Oil futures have bounced between $65 and $75 a barrel for several months, but now it looks as though prices may soon go higher.

That would be bad news for the economy, pushing up the price of gasoline and other products at a time when consumer confidence remains weak and U.S. businesses are continuing to cut jobs, said Edward E. Leamer, director of the UCLA Anderson Forecast.

"It would be like a tax increase, more money out of the wallets and purses of American consumers, and that would tend to stunt any recovery," he said.

The average price of a gallon of regular gasoline in California fell 5.4 cents over the last week to $3.015, the Energy Department said. Motorists who were willing to shop around today could find it for as low as $2.79 a gallon at various stations in Los Angeles, Orange and Ventura counties, according to, a system of websites nationwide where volunteers report the highest and lowest prices they see.

Nationally, pump prices were already rising, by an average of 2.1 cents a gallon to $2.489. Analysts and economists blamed oil prices, which they said could hit $80 to more than $100 a barrel in the coming days and weeks.

On Tuesday, crude oil futures for November delivery rose 88 cents, or 1.2%, to $74.15 a barrel on the New York Mercantile Exchange.

"It could go to $92 a barrel to $102 a barrel pretty easily if it crosses $75 a barrel in trading this week," said Sean Brodrick, a natural resources analyst for online investment newsletter Uncommon Wisdom.
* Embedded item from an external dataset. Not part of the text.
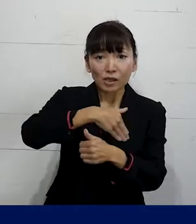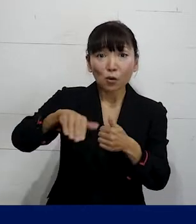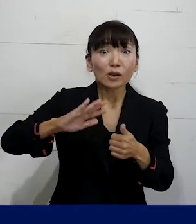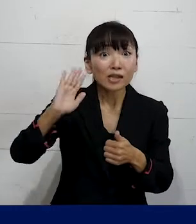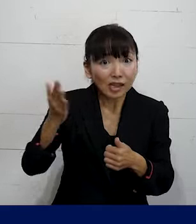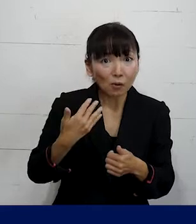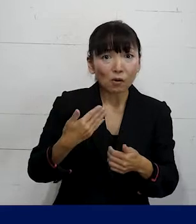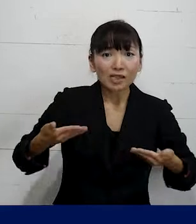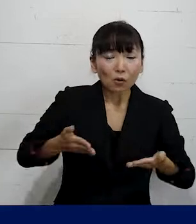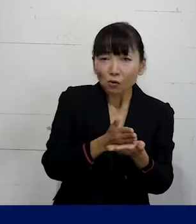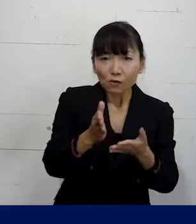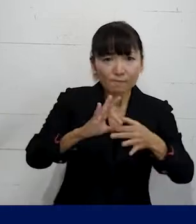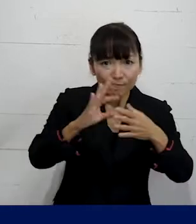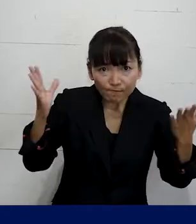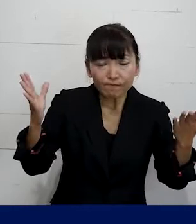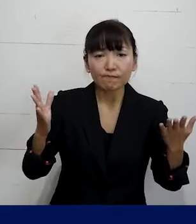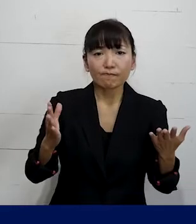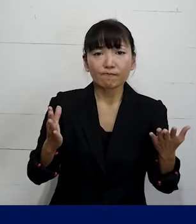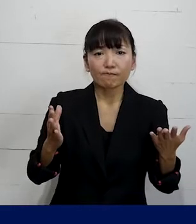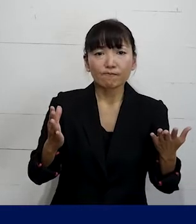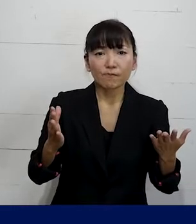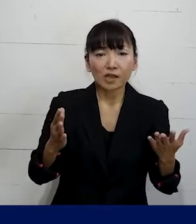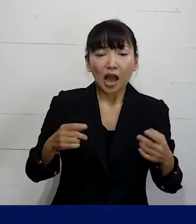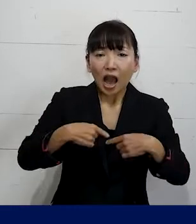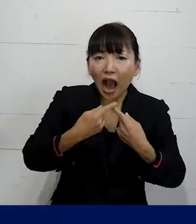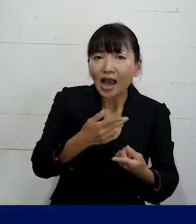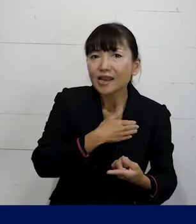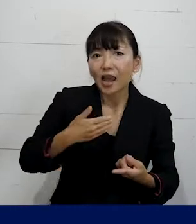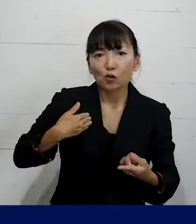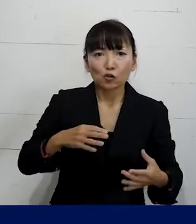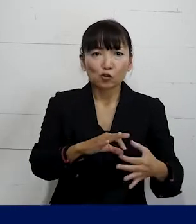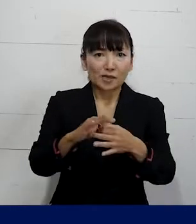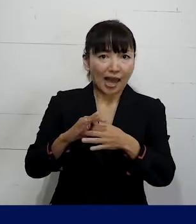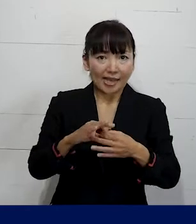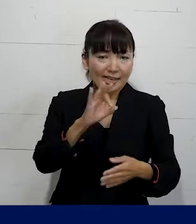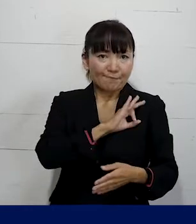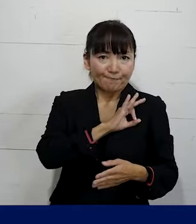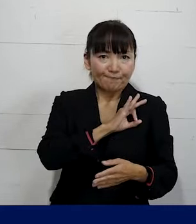どんな働き方をしている人でも 加入をして組合員になれば
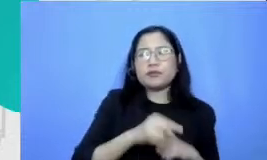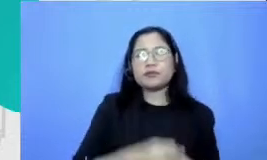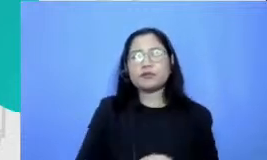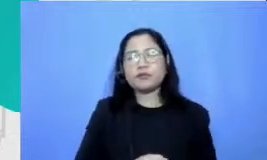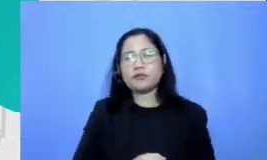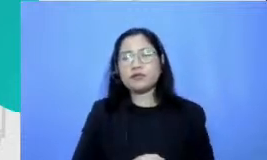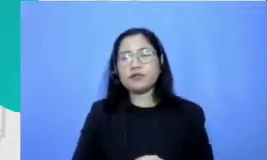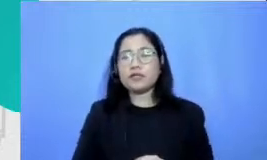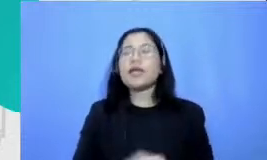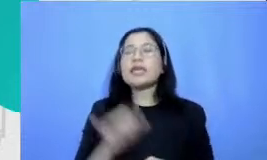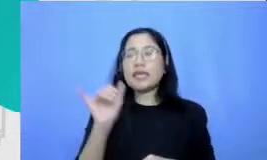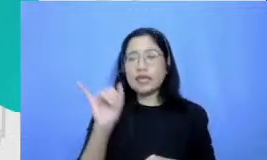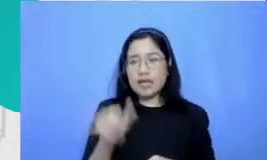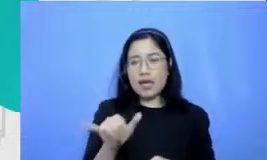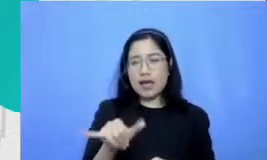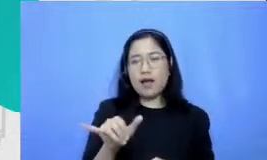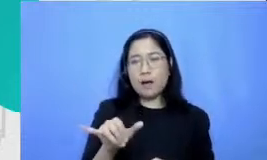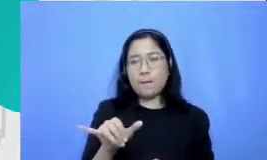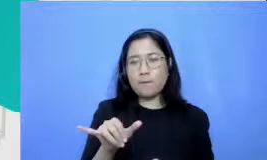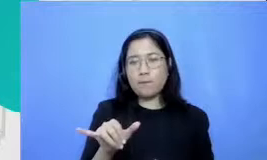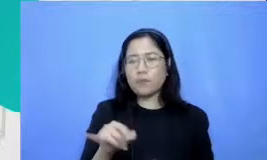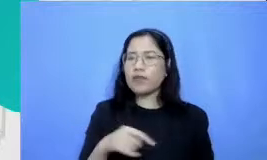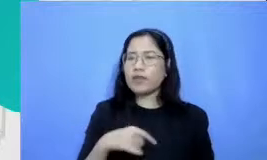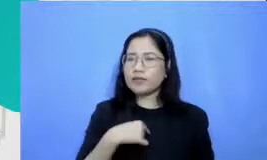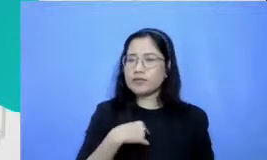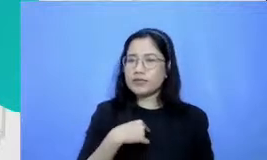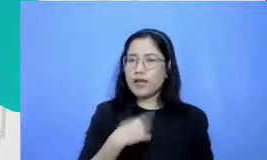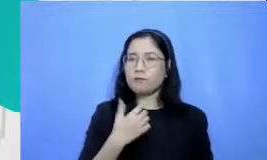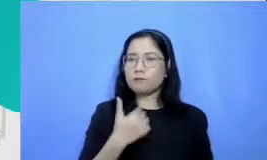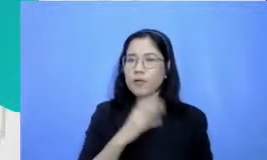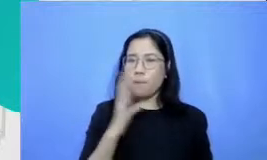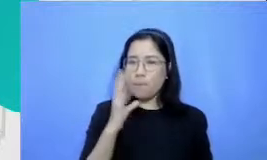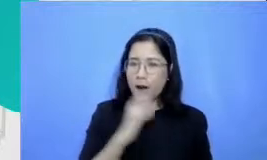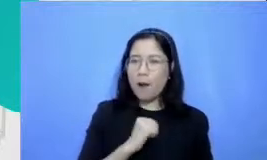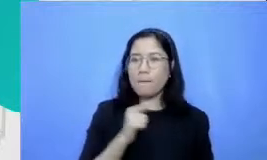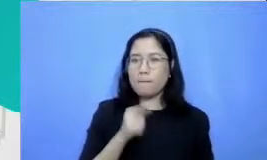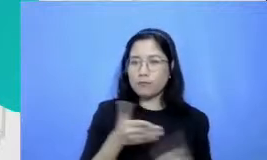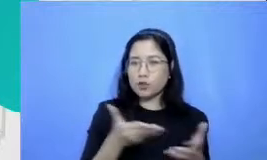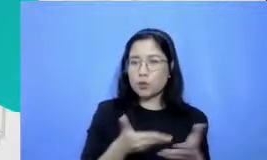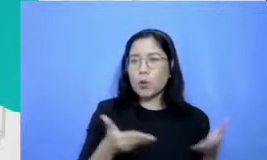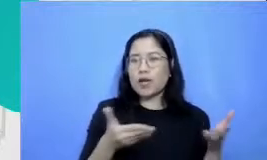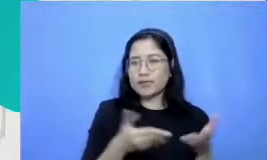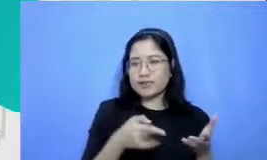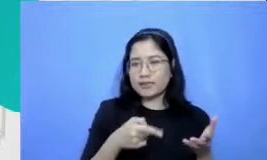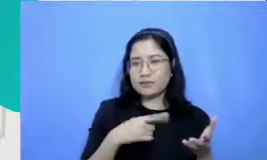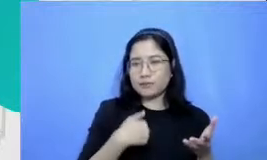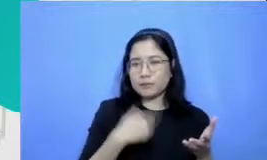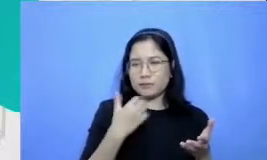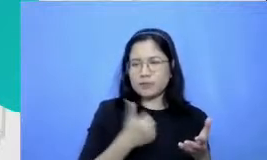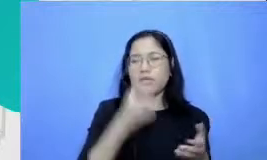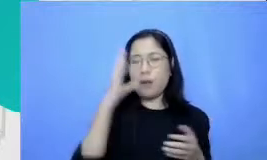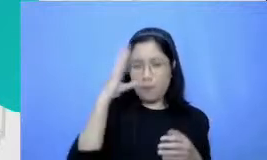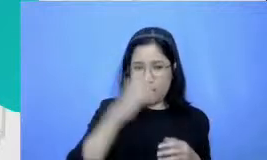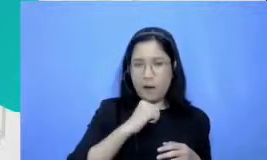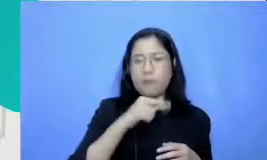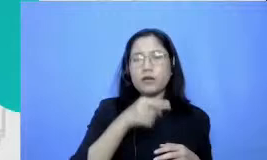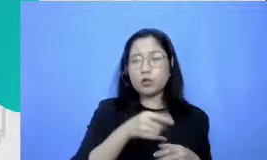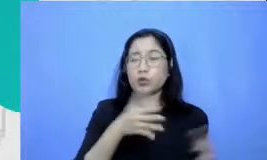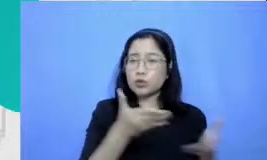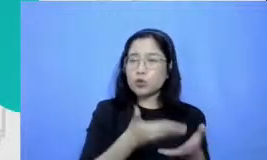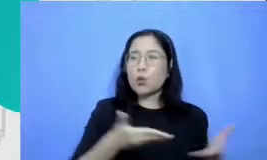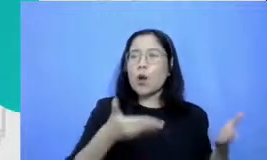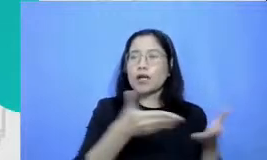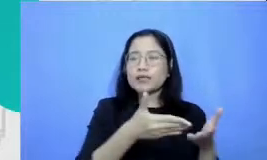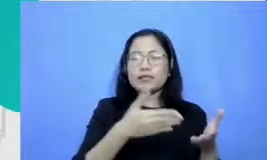er bisa memahami situasi tersebut ini adalah situasi yang sangat lazim terjadi di sekolah
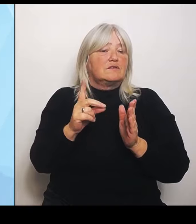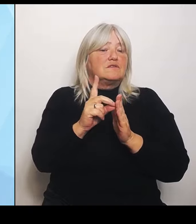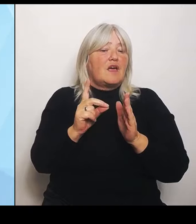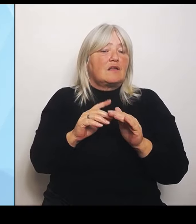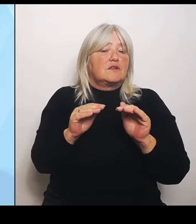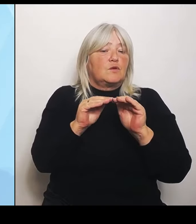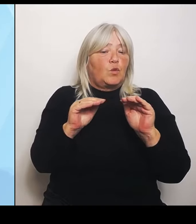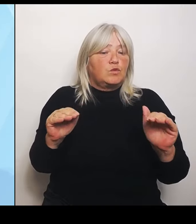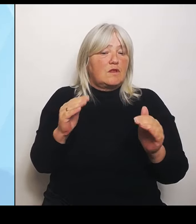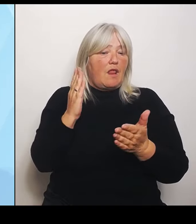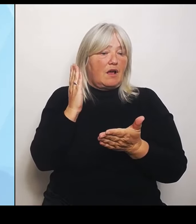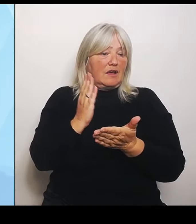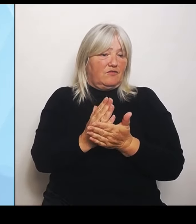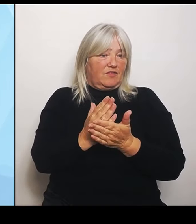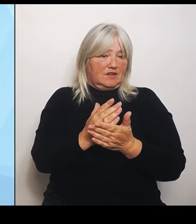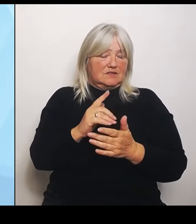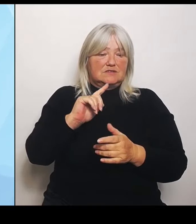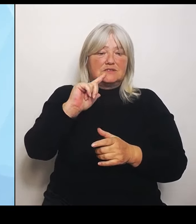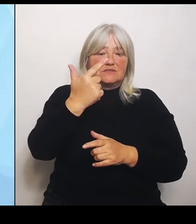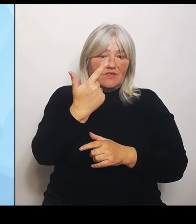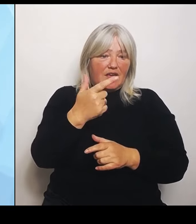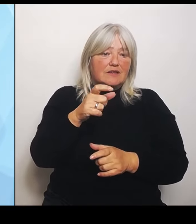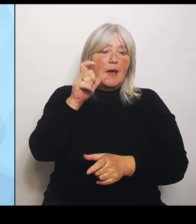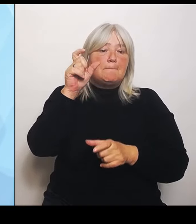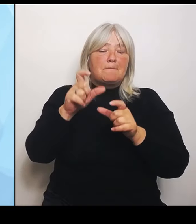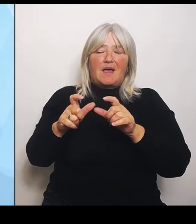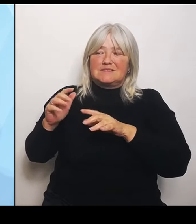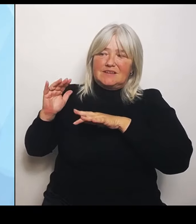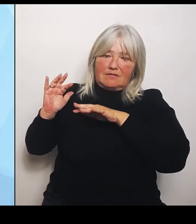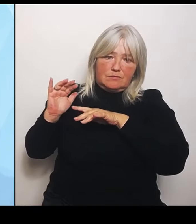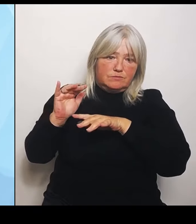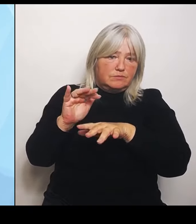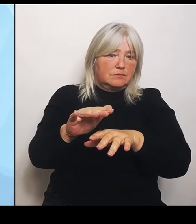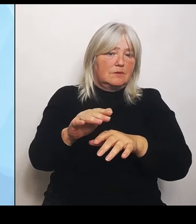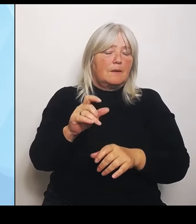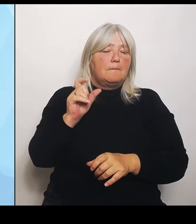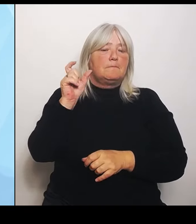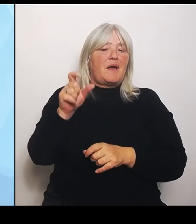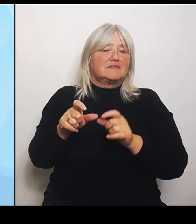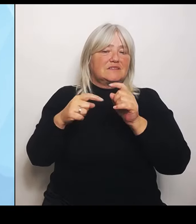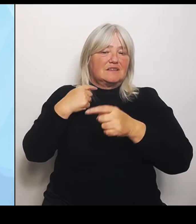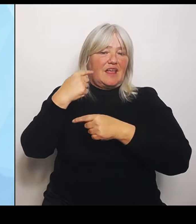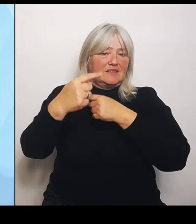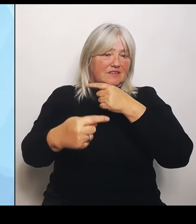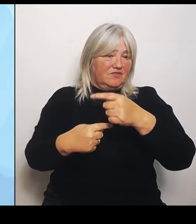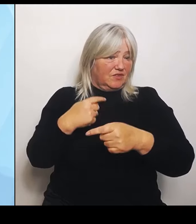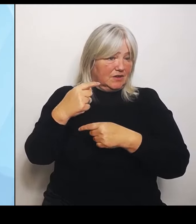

Brodrick cited several reasons for a potential surge in oil prices. He said investors were fleeing the weak U.S. dollar and pouring their money into gold, oil, silver and other commodities they deemed better investment bets. Burgeoning new-car sales in China are also driving prices as demand for fuel rises.

And although there have been new discoveries of oil, Brodrick said, "it tends to be in very expensive places where it is difficult to find and difficult to get to," such as BP's find of a potential billion-barrel field that is thousands of feet below one of the deepest parts of the Gulf of Mexico.

John Kilduff, senior vice president of energy for MF Global, says oil traders have been willing to shrug off weak economic indicators in the U.S. in favor of international evidence of a recovery from the global recession.

"With the dollar still cratering, it looks like there could be support for oil at $80 a barrel to $85 a barrel," Kilduff said.

The increases could come in spite of a plentiful supply. Phil Flynn, energy analyst for PFG Best in Chicago, said the normal rules of supply and demand do not apply in such a volatile atmosphere.

For consumers, that means higher prices at a time when many are still cutting back. U.S. businesses, meanwhile, are still cutting workers and aren't likely to start hiring again if consumers reduce spending even further to cope with high gas prices.

"You can't have sustained economic growth without employment growth," said UCLA's Leamer. An oil price surge "adds to the uncertainty. People tend to postpone purchases, and it's home purchases and auto buying that are needed to power the economy going forward," he said.